How to Select Columns by Name in R with dplyr::select()
Select columns by name in R with dplyr::select(), base R bracket notation, or data.table column syntax. Each approach extracts the columns you need while preserving row order. The dplyr method is the most readable for exploratory work, while base R and data.table suit scripting and pipelines. For renaming while selecting, use new_name = old_name syntax inside select().
library(dplyr)
# Select multiple columns by name
df %>% select(name, salary, department)
# Exclude columns with !
df %>% select(!id)
# Select by pattern or predicate
df %>% select(starts_with("sal"), where(is.numeric))
Base R uses df[, c("name", "salary")] for simple column lists. For programmatic selection when column names are in a variable, use all_of(col_vector) (strict) or any_of(col_vector) (skips missing columns): df |> select(all_of(keep_cols)).
# Reorder while selecting: put key columns first
df %>% select(id, name, department, everything())

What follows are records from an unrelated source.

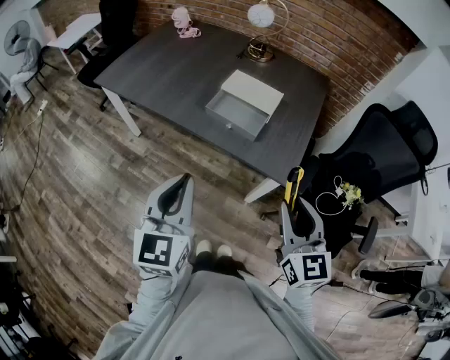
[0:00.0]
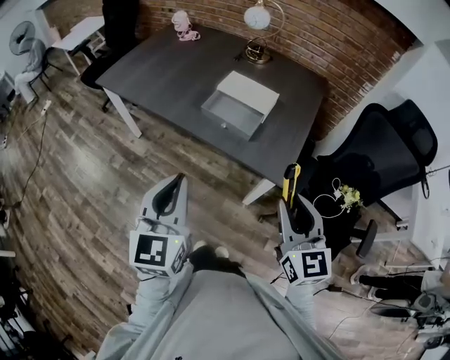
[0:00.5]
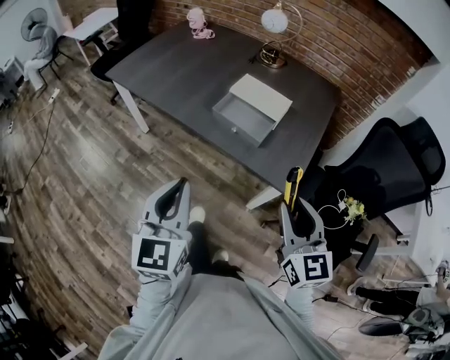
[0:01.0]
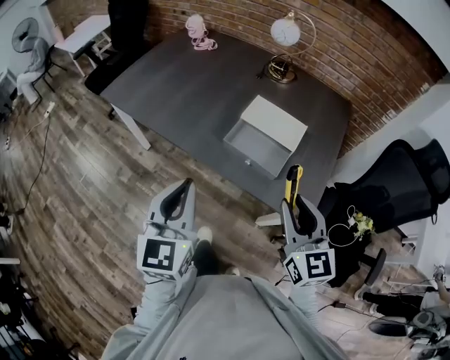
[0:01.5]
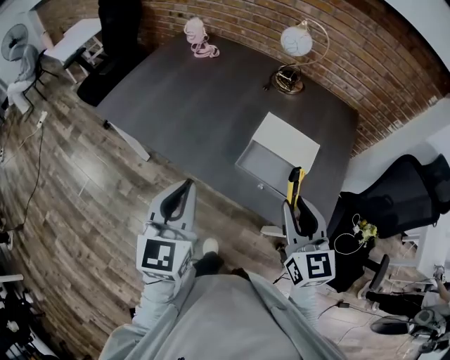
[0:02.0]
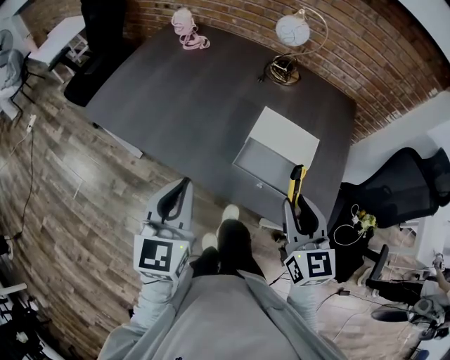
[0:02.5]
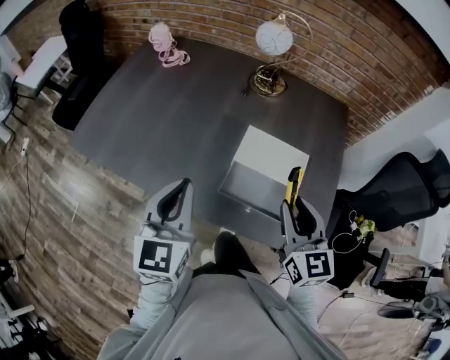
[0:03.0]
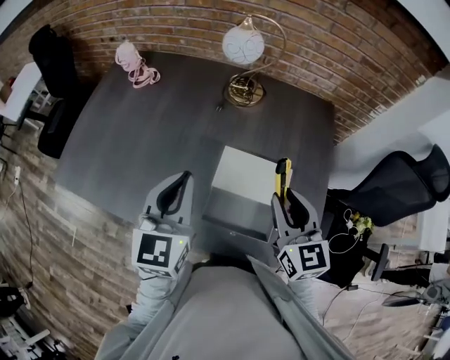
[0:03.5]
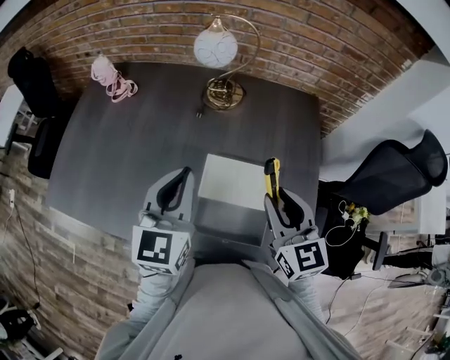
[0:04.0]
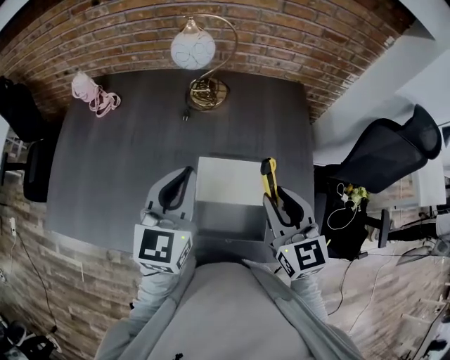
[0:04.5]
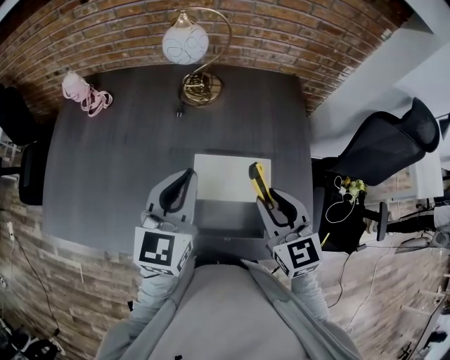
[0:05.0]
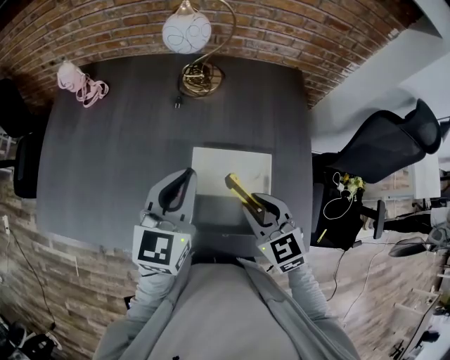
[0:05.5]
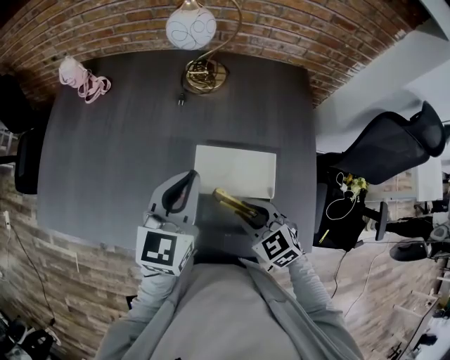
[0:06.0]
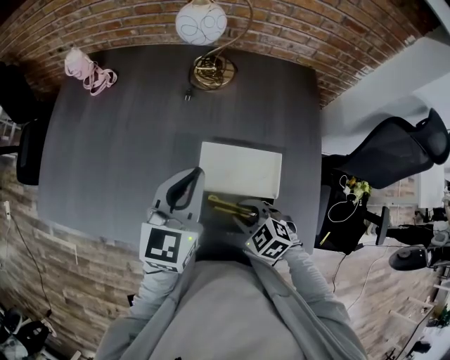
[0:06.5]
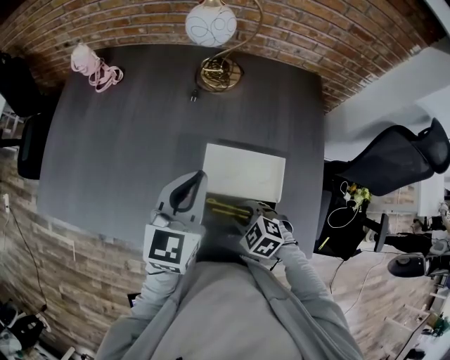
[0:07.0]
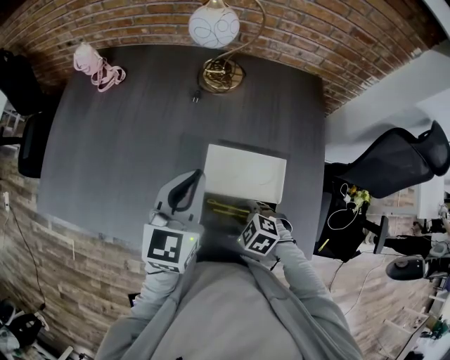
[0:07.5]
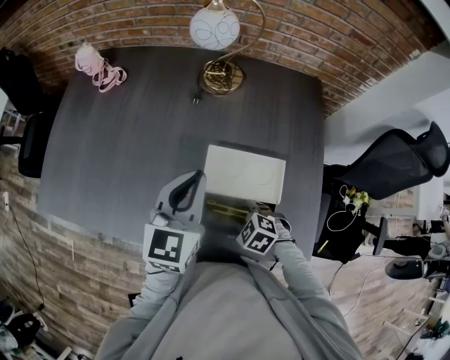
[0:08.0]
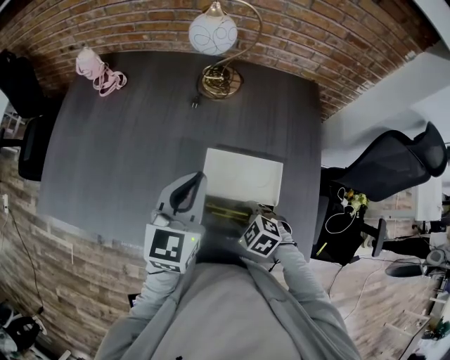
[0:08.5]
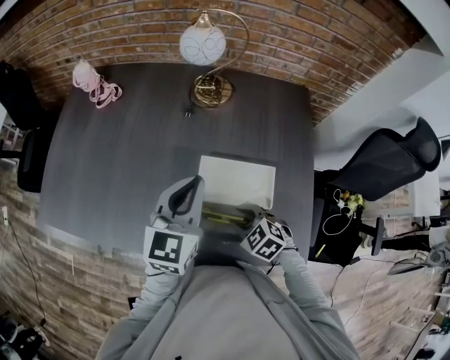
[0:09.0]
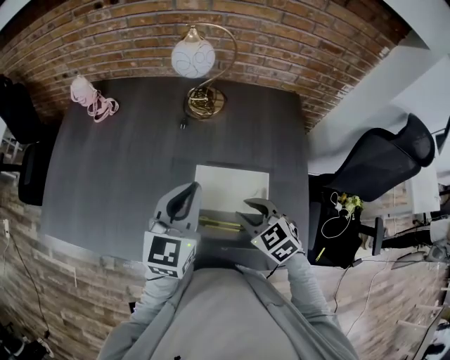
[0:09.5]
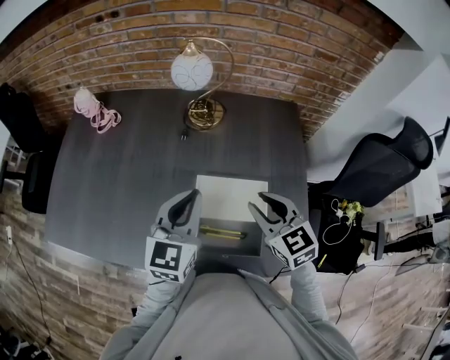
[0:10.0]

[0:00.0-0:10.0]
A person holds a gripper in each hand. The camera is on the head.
0:00.0 to 0:02.0: The grippers both shift forward and to the left by approximately 25 cm.
0:02.0 to 0:04.0: The grippers both shift forward and to the right by roughly 25 cm. The left gripper swivels about 20 degrees.
0:04.0 to 0:06.0: The right gripper goes some 15 cm downward, and turns by roughly 30 degrees. Meanwhile the left gripper goes some 5 cm downward.
0:06.0 to 0:08.0: The right gripper travels downward by roughly 10 cm, and changes its angle by about 30 degrees.
0:08.0 to 0:10.0: The right gripper shifts approximately 20 cm upward, and tips its fingers upward by about 40 degrees.

Data.table provides fast in-place selection: dt[, .(name, salary, department)] or dt[, .SD, .SDcols = patterns("^s")] for pattern-based selection. Selection helpers include starts_with(), ends_with(), contains(), matches(), and where(). The last_col() and num_range() helpers are useful when column names follow a predictable numbering scheme. To drop columns instead of keeping them, prefix names with - or use ! inside select(). Use rename() instead of select() when you only want to rename columns without dropping any.